__Exercise__. Give back all the entries below. Omit none of them.

__Task data__.
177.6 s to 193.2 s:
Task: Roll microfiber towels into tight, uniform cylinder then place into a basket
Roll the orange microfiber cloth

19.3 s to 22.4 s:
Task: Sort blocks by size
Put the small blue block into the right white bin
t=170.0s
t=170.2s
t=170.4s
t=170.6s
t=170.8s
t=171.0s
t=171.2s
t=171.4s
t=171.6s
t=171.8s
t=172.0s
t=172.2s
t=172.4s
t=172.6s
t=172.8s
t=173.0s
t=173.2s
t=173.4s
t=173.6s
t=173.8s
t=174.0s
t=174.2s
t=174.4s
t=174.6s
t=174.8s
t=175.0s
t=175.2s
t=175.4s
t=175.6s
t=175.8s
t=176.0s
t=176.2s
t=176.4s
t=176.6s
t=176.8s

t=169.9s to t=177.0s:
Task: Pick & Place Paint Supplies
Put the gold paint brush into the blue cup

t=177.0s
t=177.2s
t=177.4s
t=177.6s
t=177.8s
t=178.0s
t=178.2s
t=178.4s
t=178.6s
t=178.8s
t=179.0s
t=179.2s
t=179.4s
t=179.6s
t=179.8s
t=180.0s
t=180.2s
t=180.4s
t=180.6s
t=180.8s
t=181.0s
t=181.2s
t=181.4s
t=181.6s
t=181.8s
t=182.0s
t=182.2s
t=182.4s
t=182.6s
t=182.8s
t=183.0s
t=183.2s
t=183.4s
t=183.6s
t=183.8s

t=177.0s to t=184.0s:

__Output for this task__.
177.6 s to 193.2 s:
Task: Roll microfiber towels into tight, uniform cylinder then place into a basket
Roll the orange microfiber cloth

19.3 s to 22.4 s:
Task: Sort blocks by size
Put the small blue block into the right white bin
t=170.0s
t=170.2s
t=170.4s
t=170.6s
t=170.8s
t=171.0s
t=171.2s
t=171.4s
t=171.6s
t=171.8s
t=172.0s
t=172.2s
t=172.4s
t=172.6s
t=172.8s
t=173.0s
t=173.2s
t=173.4s
t=173.6s
t=173.8s
t=174.0s
t=174.2s
t=174.4s
t=174.6s
t=174.8s
t=175.0s
t=175.2s
t=175.4s
t=175.6s
t=175.8s
t=176.0s
t=176.2s
t=176.4s
t=176.6s
t=176.8s

t=169.9s to t=177.0s:
Task: Pick & Place Paint Supplies
Put the gold paint brush into the blue cup

t=177.0s
t=177.2s
t=177.4s
t=177.6s
t=177.8s
t=178.0s
t=178.2s
t=178.4s
t=178.6s
t=178.8s
t=179.0s
t=179.2s
t=179.4s
t=179.6s
t=179.8s
t=180.0s
t=180.2s
t=180.4s
t=180.6s
t=180.8s
t=181.0s
t=181.2s
t=181.4s
t=181.6s
t=181.8s
t=182.0s
t=182.2s
t=182.4s
t=182.6s
t=182.8s
t=183.0s
t=183.2s
t=183.4s
t=183.6s
t=183.8s

t=177.0s to t=184.0s:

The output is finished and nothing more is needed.